Interaction of the Medicinal Plant Piper Rivinoides Ethanolic Extract, Fractions, and Isolated Neolignans with Rat CYP1A Activity

Piper rivinoides Kunth, known in Brazil as “aperta-ruão,” is a medicinal glabrous shrub (3 to 6 m high) that belongs to the Piperaceae family. Some bioactive benzofuran neolignans were isolated from this species, and it is important to know about how these compounds interact with cytochrome P450 enzymes. For this purpose, we tested the ethanolic extract from leaves of P. rivinoides and its partitions in hexane and dichloromethane and in three isolated neolignans (eupamotenoid-5, eupamotenoid-6, and conocarpan) in the activity of the CYP1A isoforms.
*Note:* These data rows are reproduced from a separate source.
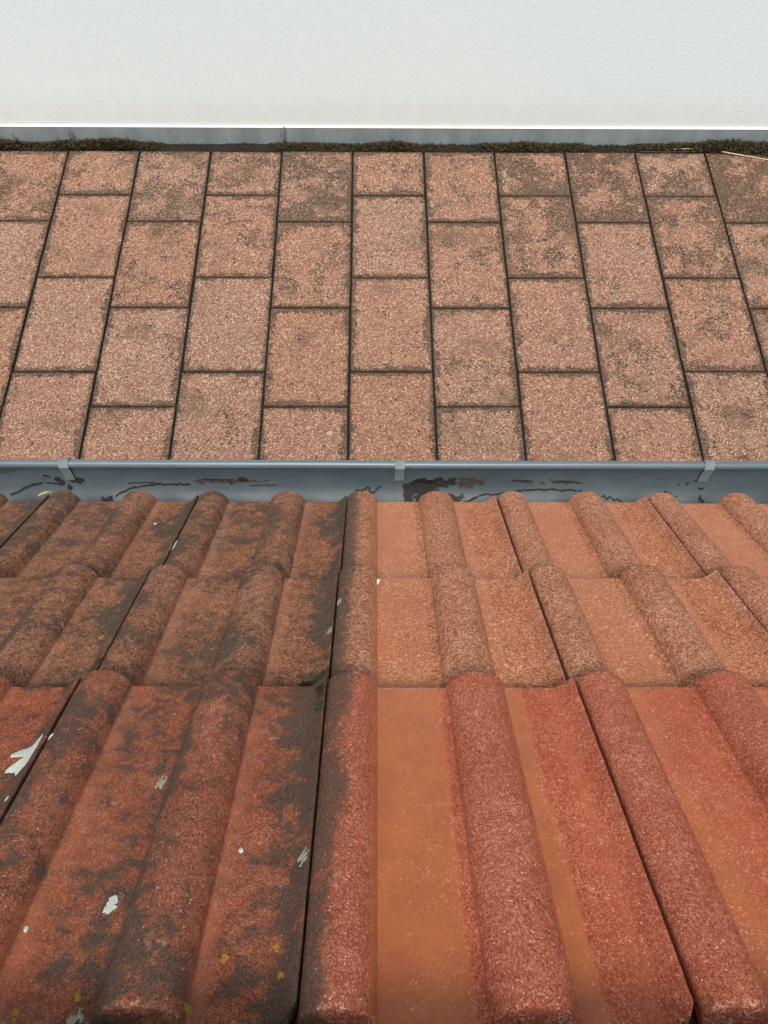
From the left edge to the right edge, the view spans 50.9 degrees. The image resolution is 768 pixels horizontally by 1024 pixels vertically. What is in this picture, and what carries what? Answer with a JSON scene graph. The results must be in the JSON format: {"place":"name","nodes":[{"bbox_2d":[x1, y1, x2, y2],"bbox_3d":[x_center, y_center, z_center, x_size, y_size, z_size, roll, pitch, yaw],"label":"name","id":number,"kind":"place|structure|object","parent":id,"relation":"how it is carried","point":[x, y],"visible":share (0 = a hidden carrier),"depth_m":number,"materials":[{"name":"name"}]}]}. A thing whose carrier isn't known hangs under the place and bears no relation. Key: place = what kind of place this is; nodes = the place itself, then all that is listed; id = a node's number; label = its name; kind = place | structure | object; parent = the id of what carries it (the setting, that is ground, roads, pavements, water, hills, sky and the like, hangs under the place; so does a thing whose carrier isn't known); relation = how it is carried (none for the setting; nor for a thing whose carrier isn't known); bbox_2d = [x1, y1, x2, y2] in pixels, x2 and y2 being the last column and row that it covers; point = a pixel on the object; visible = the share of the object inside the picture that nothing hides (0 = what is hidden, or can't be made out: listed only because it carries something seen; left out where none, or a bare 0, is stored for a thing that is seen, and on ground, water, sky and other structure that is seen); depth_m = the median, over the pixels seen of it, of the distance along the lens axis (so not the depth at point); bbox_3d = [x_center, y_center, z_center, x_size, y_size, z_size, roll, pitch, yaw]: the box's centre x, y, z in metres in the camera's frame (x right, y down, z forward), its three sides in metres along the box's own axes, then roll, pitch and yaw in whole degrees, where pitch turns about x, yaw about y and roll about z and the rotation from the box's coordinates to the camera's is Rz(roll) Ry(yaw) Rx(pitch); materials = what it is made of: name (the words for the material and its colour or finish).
{"place":"outdoors","nodes":[
{"label":"outdoors","id":0,"kind":"place"},
{"bbox_2d":[0,151,767,460],"bbox_3d":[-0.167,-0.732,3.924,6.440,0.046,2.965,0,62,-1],"label":"pavement","id":1,"kind":"structure","parent":0,"point":[45,409],"depth_m":4.06,"materials":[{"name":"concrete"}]},
{"bbox_2d":[0,0,767,145],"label":"garden wall","id":2,"kind":"structure","parent":1,"relation":"on","point":[588,72],"depth_m":4.25,"materials":[{"name":"white paint"}]},
{"bbox_2d":[0,143,767,153],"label":"soil strip","id":3,"kind":"object","parent":1,"relation":"on","point":[228,147],"visible":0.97,"depth_m":4.61,"materials":[{"name":"brown soil"}]},
{"bbox_2d":[0,136,767,155],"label":"moss","id":4,"kind":"object","parent":3,"relation":"on","point":[713,146],"visible":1,"depth_m":4.60,"materials":[{"name":"green plant"}]},
{"bbox_2d":[639,150,708,152],"bbox_3d":[1.661,-2.062,4.613,0.400,0.010,0.011,0,62,-1],"label":"dry stalk","id":5,"kind":"object","parent":3,"relation":"on","point":[667,152],"visible":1,"depth_m":4.61,"materials":[{"name":"beige plant"}]},
{"bbox_2d":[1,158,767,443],"bbox_3d":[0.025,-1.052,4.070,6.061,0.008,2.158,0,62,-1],"label":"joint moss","id":6,"kind":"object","parent":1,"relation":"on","point":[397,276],"visible":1,"depth_m":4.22,"materials":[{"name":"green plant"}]},
{"bbox_2d":[722,151,767,159],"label":"dry stalk","id":7,"kind":"object","parent":1,"relation":"on","point":[743,155],"visible":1,"depth_m":4.60,"materials":[{"name":"plant"}]},
{"bbox_3d":[-0.018,0.852,1.675,6.000,2.500,0.850,0,62,-1],"label":"house","id":8,"kind":"object","parent":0,"visible":0},
{"bbox_2d":[0,490,767,1023],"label":"tiled roof","id":9,"kind":"structure","parent":8,"relation":"attached to","point":[514,770],"depth_m":0.85,"materials":[{"name":"tile"}]},
{"bbox_2d":[11,1007,18,1019],"bbox_3d":[-0.280,0.379,0.610,0.006,0.007,0.008,0,62,-1],"label":"lichen","id":10,"kind":"object","parent":9,"relation":"on","point":[15,1011],"visible":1,"depth_m":0.61},
{"bbox_2d":[5,734,42,775],"bbox_3d":[-0.389,0.259,0.865,0.033,0.036,0.056,0,62,-1],"label":"bird dropping","id":11,"kind":"object","parent":9,"relation":"on","point":[19,765],"visible":1,"depth_m":0.86,"materials":[{"name":"white"}]},
{"bbox_2d":[66,1008,84,1023],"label":"lichen","id":12,"kind":"object","parent":9,"relation":"on","point":[73,1019],"visible":1,"depth_m":0.61},
{"bbox_2d":[74,990,81,1001],"bbox_3d":[-0.236,0.374,0.623,0.006,0.006,0.008,0,62,-1],"label":"lichen","id":13,"kind":"object","parent":9,"relation":"on","point":[77,997],"visible":1,"depth_m":0.62},
{"bbox_2d":[88,658,99,671],"bbox_3d":[-0.373,0.198,1.042,0.013,0.017,0.022,0,62,-1],"label":"moss tuft","id":14,"kind":"object","parent":9,"relation":"on","point":[94,665],"visible":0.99,"depth_m":1.04,"materials":[{"name":"green plant"}]},
{"bbox_2d":[103,895,117,913],"bbox_3d":[-0.236,0.340,0.698,0.011,0.013,0.016,0,62,-1],"label":"bird dropping","id":15,"kind":"object","parent":9,"relation":"on","point":[110,905],"visible":1,"depth_m":0.70,"materials":[{"name":"white"}]},
{"bbox_2d":[155,774,167,788],"bbox_3d":[-0.230,0.279,0.834,0.010,0.013,0.017,0,62,-1],"label":"lichen","id":16,"kind":"object","parent":9,"relation":"on","point":[160,782],"visible":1,"depth_m":0.83},
{"bbox_2d":[183,1002,192,1013],"bbox_3d":[-0.149,0.377,0.612,0.006,0.009,0.008,0,62,-1],"label":"lichen","id":17,"kind":"object","parent":9,"relation":"on","point":[187,1008],"visible":1,"depth_m":0.61},
{"bbox_2d":[219,951,229,962],"bbox_3d":[-0.129,0.361,0.653,0.008,0.007,0.008,0,62,-1],"label":"lichen","id":18,"kind":"object","parent":9,"relation":"on","point":[225,956],"visible":1,"depth_m":0.65},
{"bbox_2d":[271,942,279,951],"bbox_3d":[-0.089,0.357,0.662,0.007,0.006,0.007,0,62,-1],"label":"lichen","id":19,"kind":"object","parent":9,"relation":"on","point":[276,946],"visible":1,"depth_m":0.66},
{"bbox_2d":[277,971,283,979],"bbox_3d":[-0.082,0.366,0.636,0.006,0.007,0.008,0,62,-1],"label":"lichen","id":20,"kind":"object","parent":9,"relation":"on","point":[280,974],"visible":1,"depth_m":0.64},
{"bbox_2d":[297,846,308,866],"bbox_3d":[-0.074,0.313,0.733,0.011,0.014,0.019,0,62,-1],"label":"lichen","id":21,"kind":"object","parent":9,"relation":"on","point":[302,857],"visible":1,"depth_m":0.73},
{"bbox_2d":[297,669,328,685],"bbox_3d":[-0.089,0.214,1.028,0.045,0.014,0.015,-20,64,-11],"label":"moss tuft","id":22,"kind":"object","parent":9,"relation":"on","point":[316,678],"visible":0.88,"depth_m":1.03,"materials":[{"name":"green plant"}]},
{"bbox_2d":[314,698,324,711],"bbox_3d":[-0.074,0.223,0.931,0.014,0.019,0.020,12,63,6],"label":"moss tuft","id":23,"kind":"object","parent":9,"relation":"on","point":[318,707],"visible":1,"depth_m":0.93,"materials":[{"name":"green plant"}]},
{"bbox_2d":[315,681,325,698],"bbox_3d":[-0.074,0.212,0.957,0.014,0.025,0.022,-15,63,-8],"label":"moss tuft","id":24,"kind":"object","parent":9,"relation":"on","point":[319,689],"visible":1,"depth_m":0.96,"materials":[{"name":"green plant"}]},
{"bbox_2d":[0,458,767,522],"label":"gutter","id":25,"kind":"object","parent":9,"relation":"attached to","point":[702,481],"visible":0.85,"depth_m":1.79,"materials":[{"name":"grey paint"}]}
]}

Little is known about the interaction of neolignans with cytochrome P450 enzymes. Activities of 7-ethoxyresorufin-O-deethylase (EROD) and 7-methoxyresorufin O-demethylase (MROD), markers for CYP1A1 and CYP1A2, respectively, were assayed. The CYP1A (EROD) activity half-maximal inhibitory concentrations (IC50) were determined for plant material and pure compounds. IC50 for quercetin and α-naphthoflavone were also determined for comparative purposes. The hexane partition shows the strongest inhibitory effect (IC50 14.24 ± 0.13 µg/ml) in EROD assay. The three neolignans proved to be potent inhibitors of CYP1A, and eupomatenoid-5 and eupomatenoid-6 inhibited CYP1A2 isoform. A comparison of neolignan three-dimensional structures with the structures of quercetin and α-naphthoflavone indicated that, while eupamotenoid-5 and eupamotenoid-6 overlapped in the same plane, conocarpan overlapped out of plane. This might explain the differences in inhibitory potency. This is the first report on CYP1A inhibition by bioactive benzofuran neolignans.